Output exactly the lines that run from the start of the records to the line with "[0:00.0-0:12.0]", counting both ends, and skip the pictures.
[[ DATA FOR REVIEW open ]]
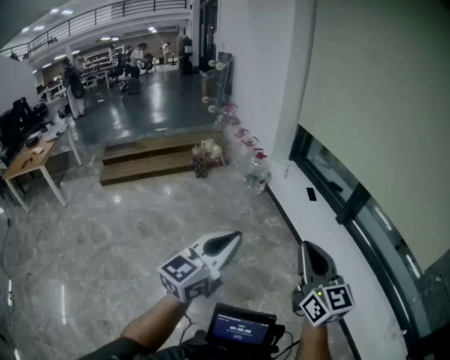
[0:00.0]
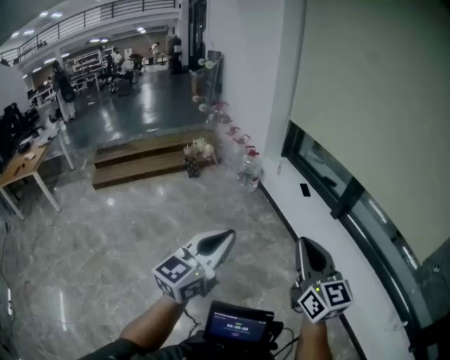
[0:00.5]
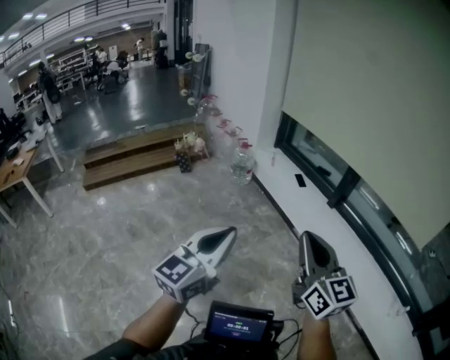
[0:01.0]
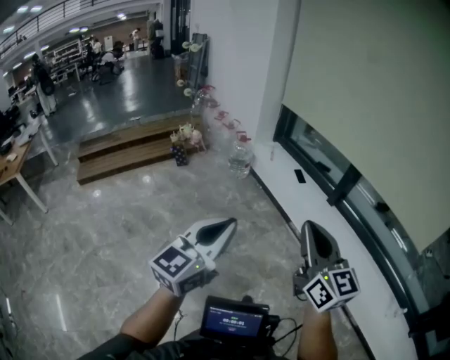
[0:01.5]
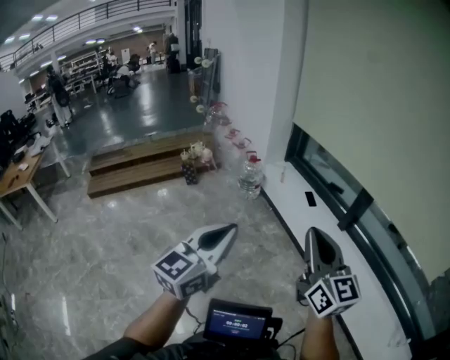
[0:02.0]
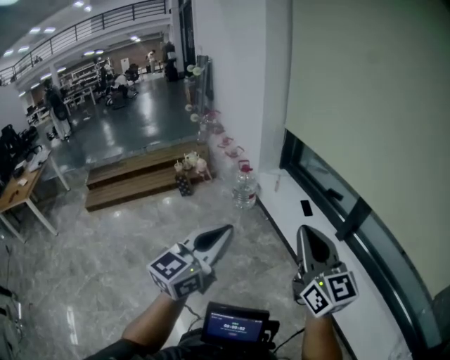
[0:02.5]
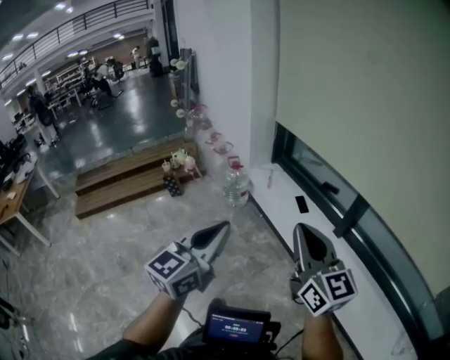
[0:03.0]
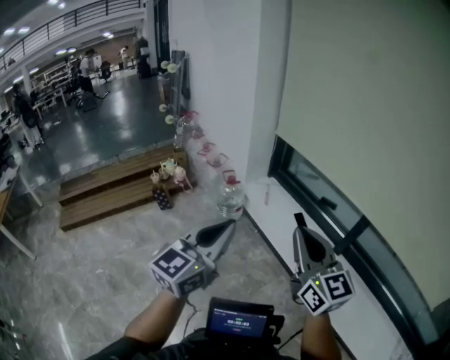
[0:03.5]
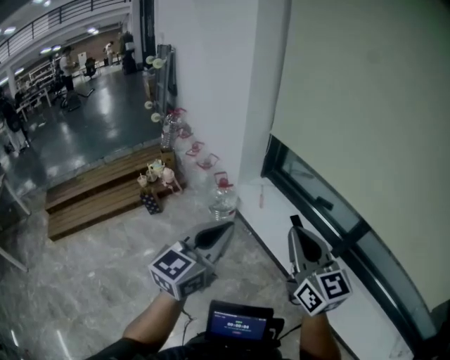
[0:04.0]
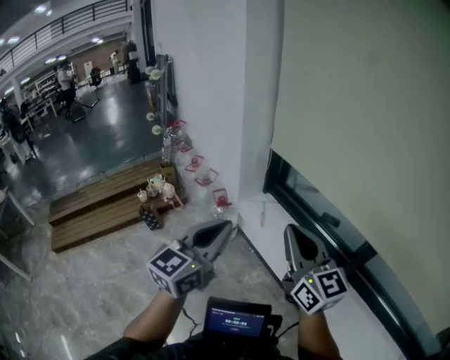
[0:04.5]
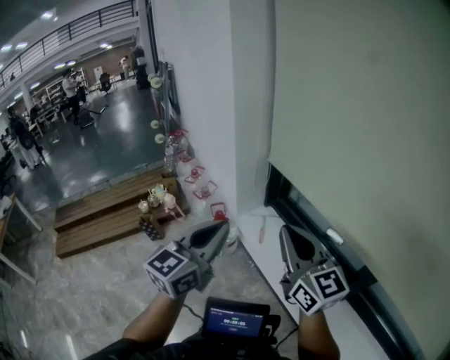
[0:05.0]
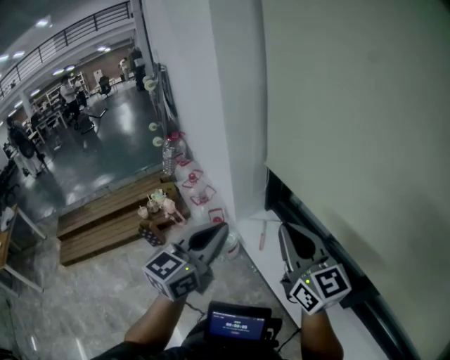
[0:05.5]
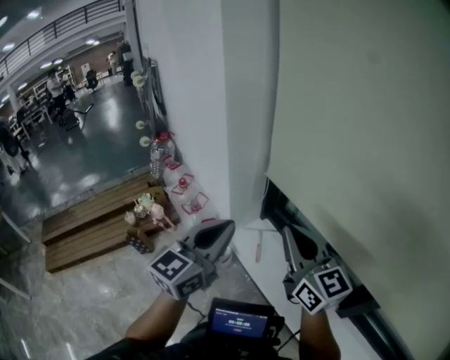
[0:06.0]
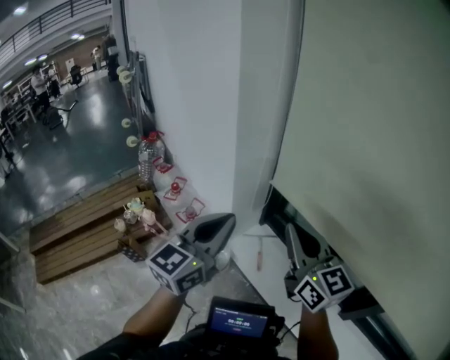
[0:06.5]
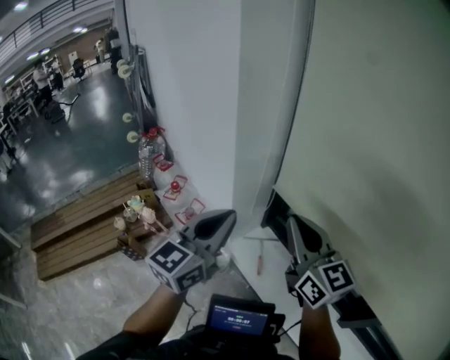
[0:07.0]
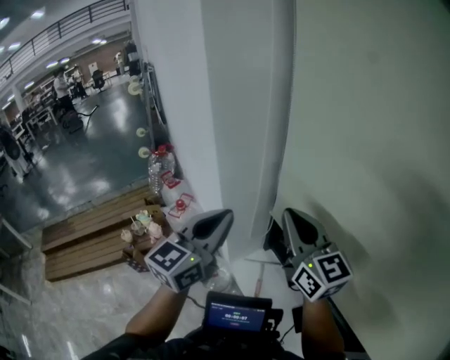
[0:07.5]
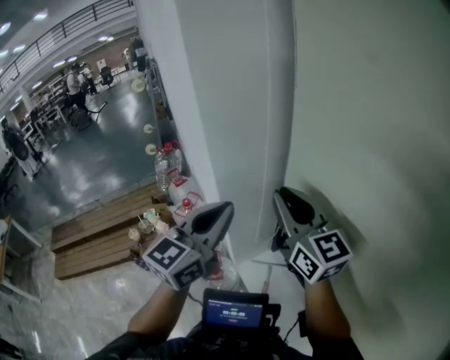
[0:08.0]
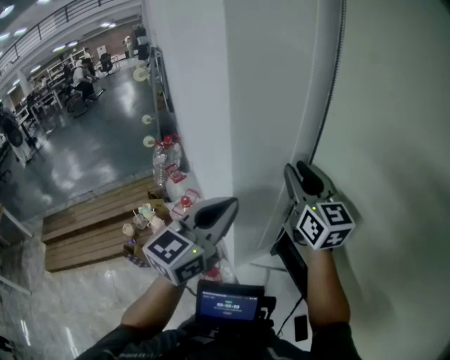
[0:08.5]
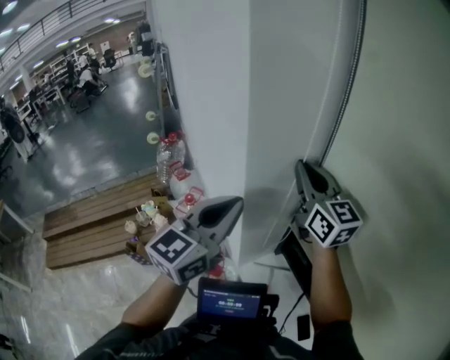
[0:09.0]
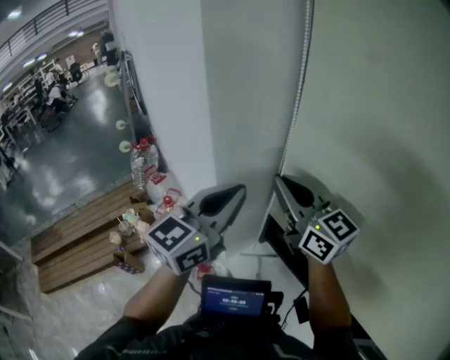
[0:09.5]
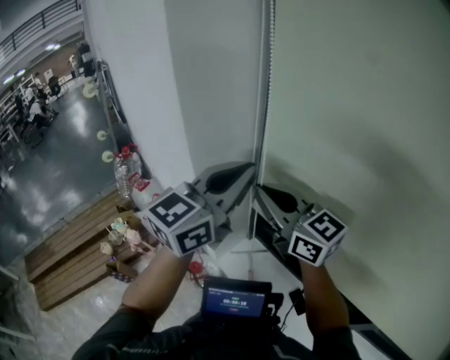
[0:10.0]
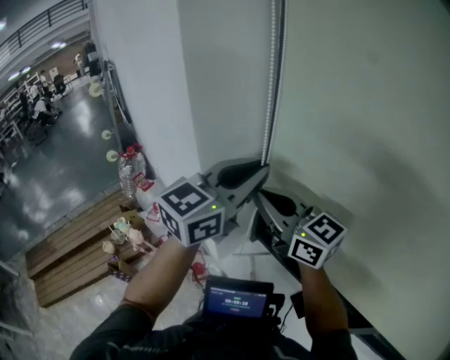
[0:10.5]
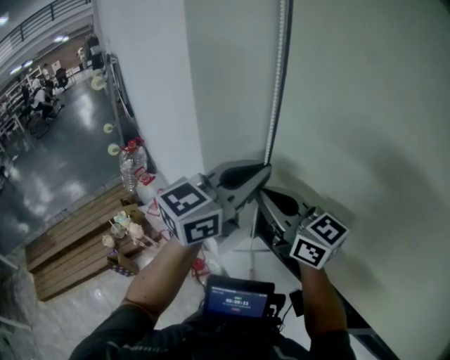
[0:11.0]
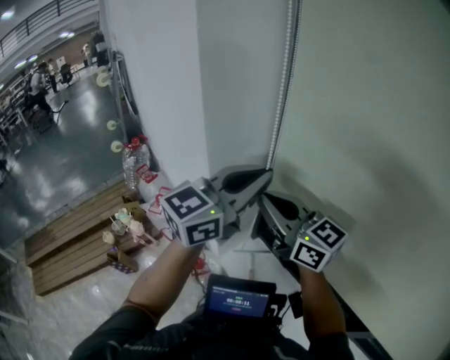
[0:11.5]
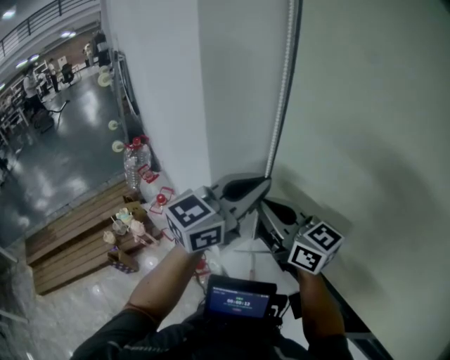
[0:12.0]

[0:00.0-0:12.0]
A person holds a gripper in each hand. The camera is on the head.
0:00.0 to 0:02.0: The two grippers go some 15 cm forward.
0:02.0 to 0:04.0: The grippers both shift forward by approximately 40 cm.
0:04.0 to 0:06.0: The pair of grippers is taken forward, approximately 40 cm.
0:06.0 to 0:08.0: Both grippers travel together forward, some 30 cm.
0:08.0 to 0:10.0: The left gripper is displaced upward and to the right by approximately 10 cm, and turns by roughly 20 degrees; the right gripper goes forward and returns, approximately 10 cm each way.
0:10.0 to 0:12.0: The grippers make only small movements.
[[ DATA FOR REVIEW closed ]]
YOUR SOLUTION.
[0:00.0]
[0:00.5]
[0:01.0]
[0:01.5]
[0:02.0]
[0:02.5]
[0:03.0]
[0:03.5]
[0:04.0]
[0:04.5]
[0:05.0]
[0:05.5]
[0:06.0]
[0:06.5]
[0:07.0]
[0:07.5]
[0:08.0]
[0:08.5]
[0:09.0]
[0:09.5]
[0:10.0]
[0:10.5]
[0:11.0]
[0:11.5]
[0:12.0]

[0:00.0-0:12.0]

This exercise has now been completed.